Friday, May 25, 2012
JH and difficulties of governing the EU
part of Habermas and the EU
Only this week has JH’s The Crisis of the European Union become available in the U.S. Polity delightfully divides its publication dates into “U.S.” and “ROW” [Rest of World]. Why the ROW get Polity books before the U.S. is a curious thing. But the U.S. edition reverses the order of essays, apparently. (The book description refers to the human rights essay as first, but it’s not first in the U.S. edition).
The EU situation is changing so quickly that one might wonder about the topicality of JH’s essay on the EU over a year after it was written. Of course, it’s topical for long-term issues of EU governance. But needs for action are in a quickly-changing environment.
In any case, JH has provided his view more recently, mid-March, 2012: “Bringing the Integration of Citizens into line with the Integration of States.” But—ha!—Sarkozy was still President of France then. The Greek election had not yet wrecked new chaos. And now, growth-oriented policy is almost the consensus position (as Merkel looks increasingly isolated, both globally and domestically). How things change so quickly! [6/30/2012 note: That was an understatement, relative to the past month. I’ll get back to this topic eventually.]
I find JH’s March article to be an accurate assessment of what was going on, in March (though it’s understandly biased toward polemic that would be most relevant to a German audience, i.e., polemic against Merkel’s policies). But the accuracy I read might not be the accuracy that JH intends, for I see irony: The credibility of his critique of the lack of democratic efficacy by EU “technocrats” (causing a “legitimation crisis”) is undermined by his acknowledgement of complexities of EU democratization that he explicates later in his article, as if EU leadership, facing a near-term crisis, was supposed to have provided for resolution of long-term problems which JH finds intractible.
For example, his appreciation of national differences (against a homogenizing notion of European nationality, late in his article) undermines his earlier holding culpable EU leadership for not making more progress toward fiscal integration.

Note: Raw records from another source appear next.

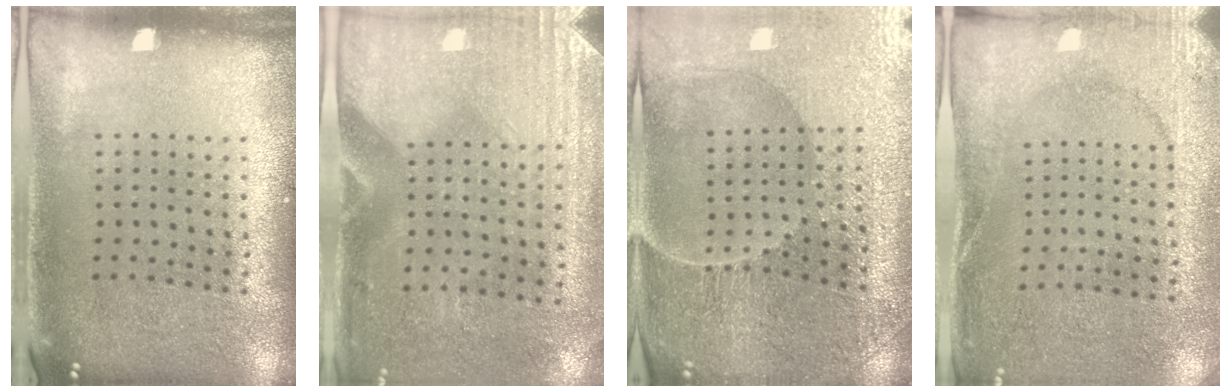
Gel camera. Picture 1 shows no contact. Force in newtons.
{"total": 2.9, "press": 2.5, "slide": 1.5}
{"total": 3.5, "press": 3.5, "slide": 0.3}
{"total": 2.6, "press": 2.4, "slide": 0.9}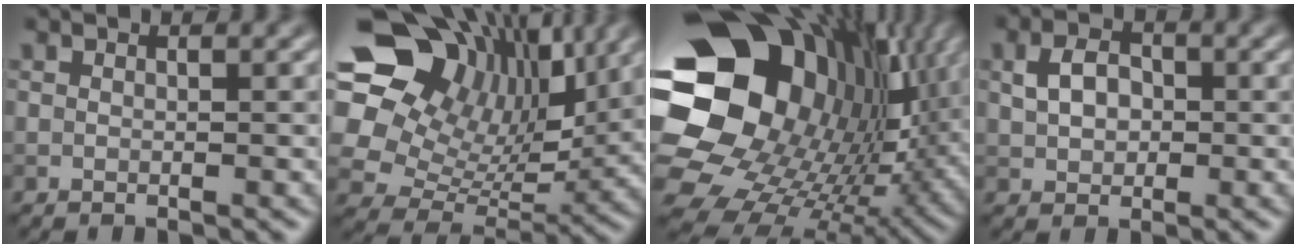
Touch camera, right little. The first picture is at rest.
{"total": 15.3, "force": [6.3, 10.9, 8.7], "torque": [-0.174, 0.032, 0.116]}
{"total": 22.2, "force": [3.6, 17.9, 12.7], "torque": [-0.286, -0.043, 0.079]}
{"total": 3.0, "force": [0.3, 2.3, 1.9], "torque": [-0.042, 0.004, 0.003]}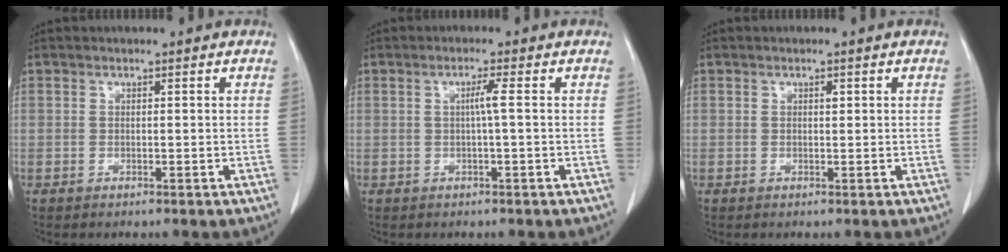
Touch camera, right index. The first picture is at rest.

His blaming of EU leadership for not being more communicative is relative to information that is as widely available to anyone who reads the news as it’s available to JH because the EU leadership is so exposed to the press. It’s not that a public can’t know the reality of the fiscal problems (which I would enjoy detailing). It’s that an angry public is an inestimable mix of informed and ill-informed views, and angry citizens may favor vocal reactionism that’s ill-informed (ergo, reactionary populism), as well as constructive engagement.
No one is hiding the answer, because there is none. The EU is facing unprecedented times in its evolving. JH asserts that “each of us [should have] combined in his or her person the role of a national citizen with the role of a citizen of the European Union,” but not buy into a notion of European nationality. So, how? We may know good long-term answers (e.g., in terms of constitutional patriotism or cosmopolitan values), as readers of complex social theory (dealing theoretically with evolving identity formations), but the actual challenges of cultural-political-economic education in a fast-changing environment (e.g., unsustainability of welfare statist complacency in a tax-evasive global economy) call for appropriate appreciation of real near-term feasibilities—and constructive emphasis of the importance of giving attention to realistic interventions, beyond deconstructive polemic that any informed reader could endorse. Legarde puts it bluntly: “It’s payback time” in Greece.
Anyway, JH is certainly an exemplary polemical voice, and of course I’m a non-EU observer (but living in an economy that’s wedded to EU success, along with all other developed economies).
A highly complementary voice is Amartya Sen’s commentary this week for The New York Times, which more succinctly conveys the point that JH is generally making: “The Crisis of European Democracy.”